DJUSD is more than stingy in approving needed services however if he had gone to a group home, it is my understanding that doesn’t come out of their budget. It’s been a while since I was involved but I believe a placement in a group home comes out of another pot of money.
The primary responsibility of a school system is to provide education. In Marsh’s case, it looks like DJUSD did an exemplary job of identifying the fact that this particular child had emotional/psychological issues. He had an IEP and was seen by district mental health professionals. In addition, he had health insurance and was seen by private mental health providers, including having been hospitalized twice for mental health issues.
How much more can we realistically expect a school district to provide to a single child? How much would it cost for the school district to provide more mental health services to a single child? How many other children would lose educational opportunities if district money were shifted to provide more extensive mental health services?
Yes, there were some serious system failures here, particularly a lack of communication and coordination between the multitude of mental health providers and counselors who had contact with this child over the years. It is unclear whether better coordination and communication between these mental health providers would have made any difference. But, either way, it is not realistic to expect a school system to be responsible for the failures of our mental health care system.
So many “trusted adults” who would not be or could not be trustworthy.
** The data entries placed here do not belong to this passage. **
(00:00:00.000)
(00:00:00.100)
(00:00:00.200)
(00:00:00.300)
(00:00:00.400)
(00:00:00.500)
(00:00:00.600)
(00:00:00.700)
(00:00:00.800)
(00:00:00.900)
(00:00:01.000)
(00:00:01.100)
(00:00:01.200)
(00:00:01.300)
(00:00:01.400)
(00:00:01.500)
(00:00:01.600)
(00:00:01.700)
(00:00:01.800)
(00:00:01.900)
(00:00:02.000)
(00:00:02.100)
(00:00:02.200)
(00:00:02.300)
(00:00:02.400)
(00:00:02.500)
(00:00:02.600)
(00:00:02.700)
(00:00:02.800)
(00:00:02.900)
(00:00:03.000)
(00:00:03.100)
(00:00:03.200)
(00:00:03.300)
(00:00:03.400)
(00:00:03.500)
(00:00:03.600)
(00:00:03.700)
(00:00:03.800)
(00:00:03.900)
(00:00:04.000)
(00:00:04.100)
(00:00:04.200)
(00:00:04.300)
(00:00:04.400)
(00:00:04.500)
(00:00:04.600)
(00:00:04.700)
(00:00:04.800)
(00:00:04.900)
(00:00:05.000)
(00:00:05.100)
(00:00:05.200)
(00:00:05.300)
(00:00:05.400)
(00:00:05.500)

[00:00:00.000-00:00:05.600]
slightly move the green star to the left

“they are penny-pinchers when it comes to non-education-related expenses associated with IEPs. They fight tooth-and-nail to provide the lowest level of services and when challenged they get petulant and stubborn. (This is my opinion only”
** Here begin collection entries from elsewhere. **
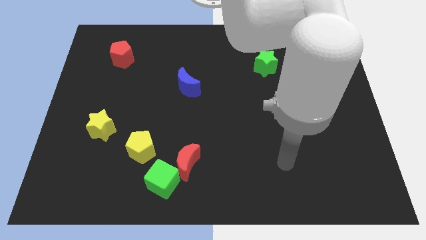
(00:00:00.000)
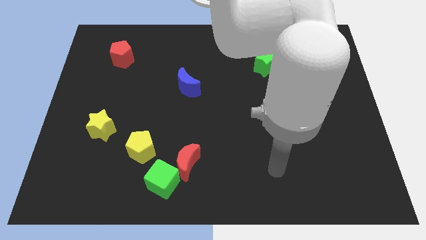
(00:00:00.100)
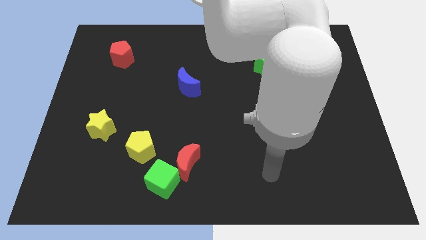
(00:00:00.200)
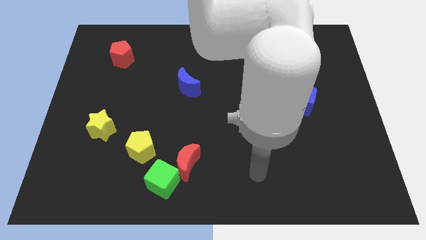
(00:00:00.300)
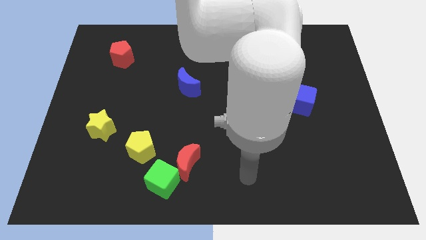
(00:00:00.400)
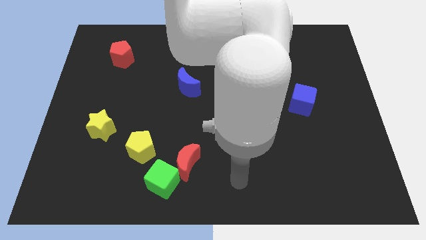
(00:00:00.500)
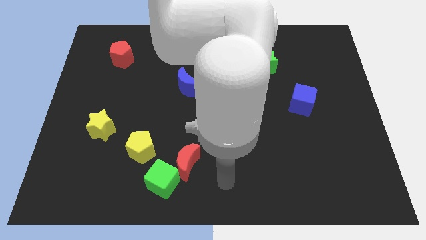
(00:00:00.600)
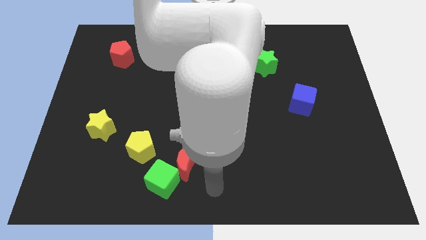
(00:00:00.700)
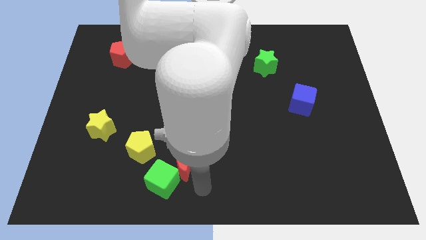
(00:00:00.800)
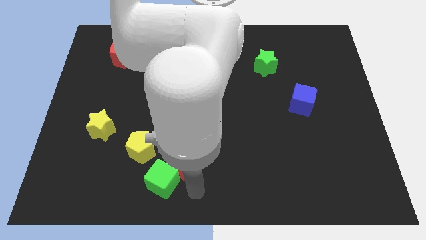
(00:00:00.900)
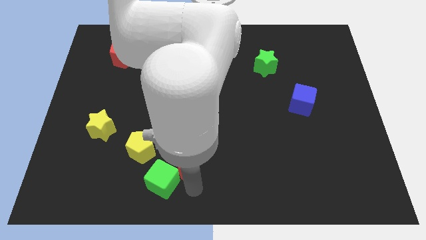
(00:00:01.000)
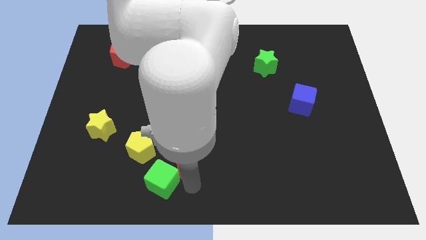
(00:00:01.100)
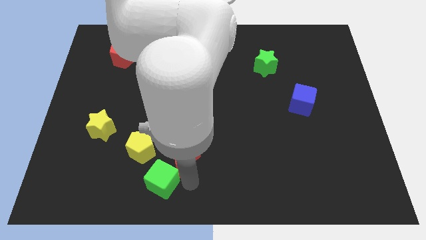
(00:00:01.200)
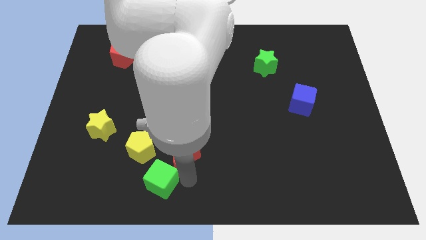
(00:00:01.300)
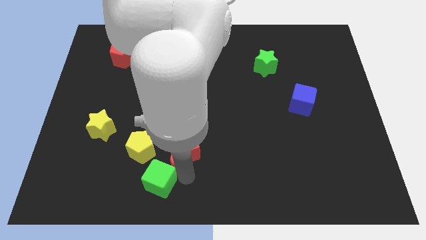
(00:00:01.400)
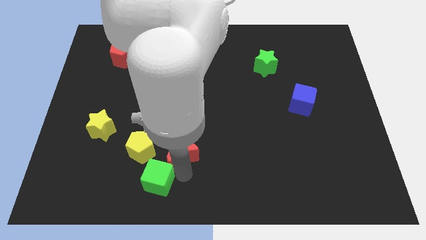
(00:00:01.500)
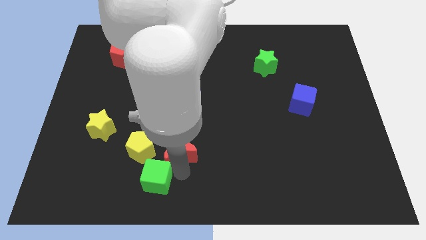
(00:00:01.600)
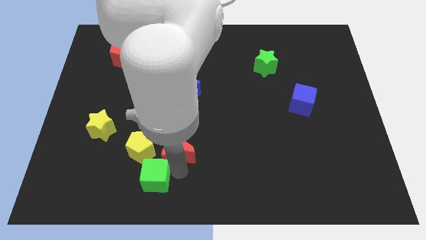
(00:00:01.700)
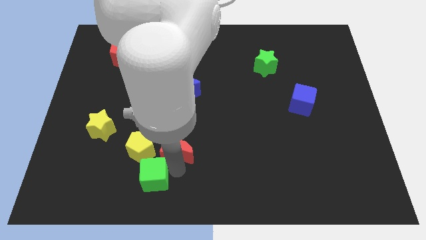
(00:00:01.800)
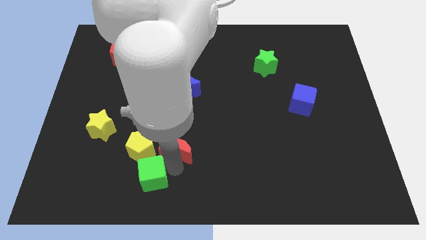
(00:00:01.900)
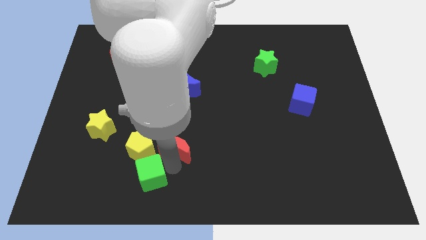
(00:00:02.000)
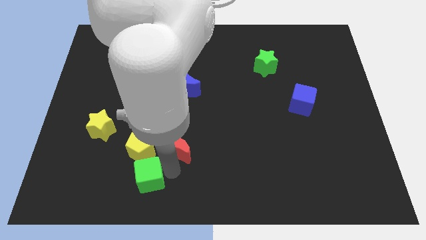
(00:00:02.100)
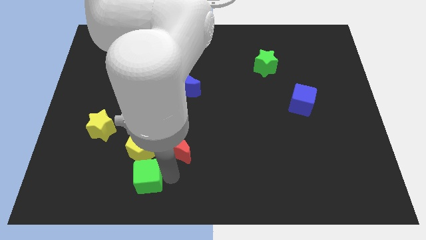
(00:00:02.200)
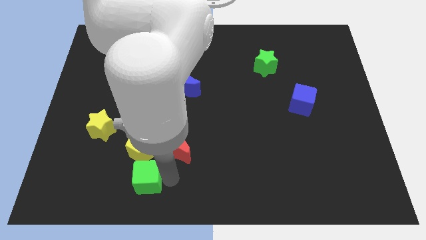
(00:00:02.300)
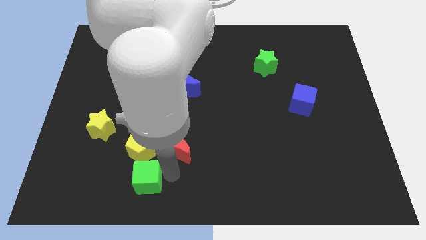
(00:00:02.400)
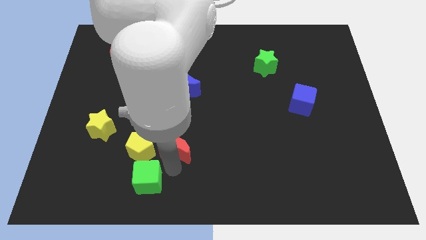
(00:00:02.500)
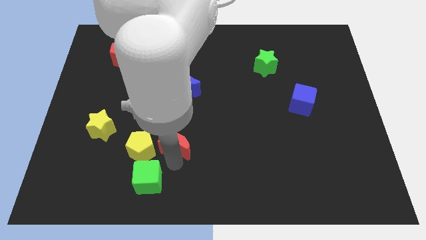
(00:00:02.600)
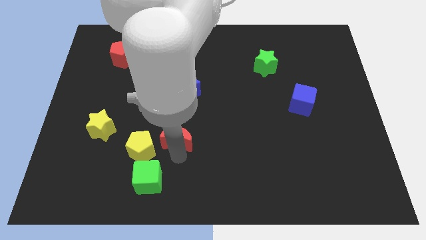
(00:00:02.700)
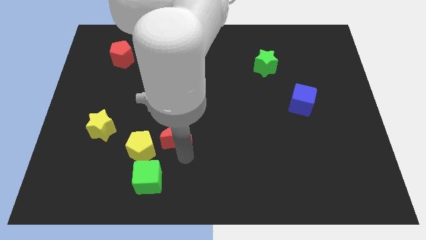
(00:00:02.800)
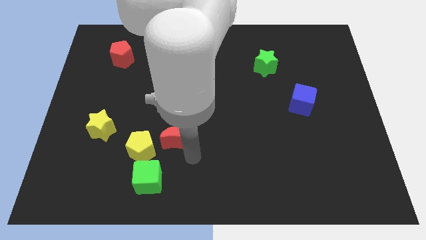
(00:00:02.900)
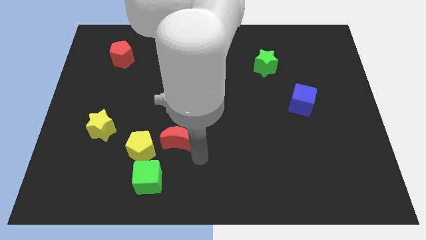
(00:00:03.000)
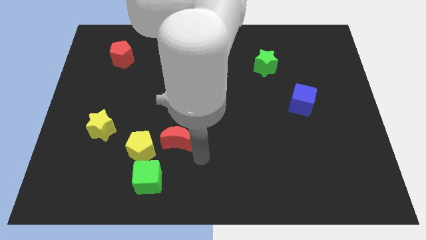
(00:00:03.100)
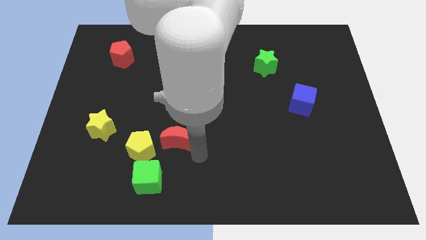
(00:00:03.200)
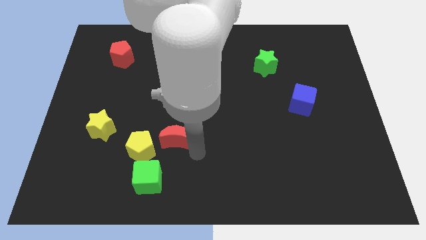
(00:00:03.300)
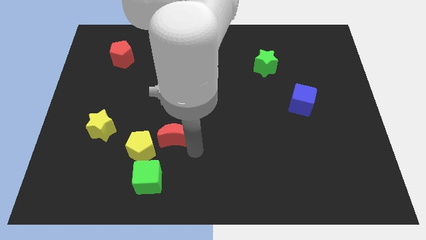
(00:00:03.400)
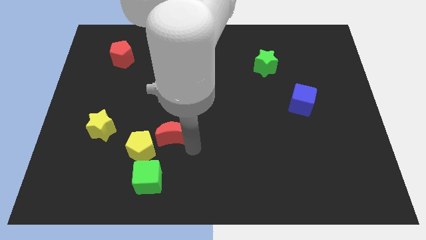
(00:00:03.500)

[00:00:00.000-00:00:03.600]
push the red moon up and left diagonally somewhat

IN my experience, they were much worse than that. Their offerings are consistently too little, too late. And it is inaccurate to characterize necessary services as non-education related. Schools are charged with educating mentally handicapped, learning disabled, autistic, physically disabled…this is the on-going argument the parents of children with special needs face.
Are sports education related? Art? Music? Speech therapy? Physical education?
As to how much a district can spend on one child, the answers is they are charged with giving each child a free and appropriate education. When there are obstacles that prevent them from learning, they are charged with support, remediation and accommodations. They are not allowed to accept and educated only the children who will cost them the least to educate. This is the basis of special education and parents of children with special needs are faced with this attitude all the time. We have laws that say we have to create the infrastructure for people in wheel chairs to use the sidewalks and restaurants and bathrooms even though it adds considerably to building costs. It is the law and we seem to have accepted it for the most part. The school identified marsh as being seriously emotionally disturbed, this means his emotional disturbance was an impediment to his education. The outcome for most kids who get too little too late is usually a lack of access to higher education, limited job choices, depression and shame that is very private.
I repeat myself but had Marsh postponed becoming homicidal but continued to fail, DJUSD could have foregone the daily stipend they got from various sources for each day he actually attended school and placed him in a group home which is funded by other sources and he would have had the supervision, structure and services that would more likely met his needs.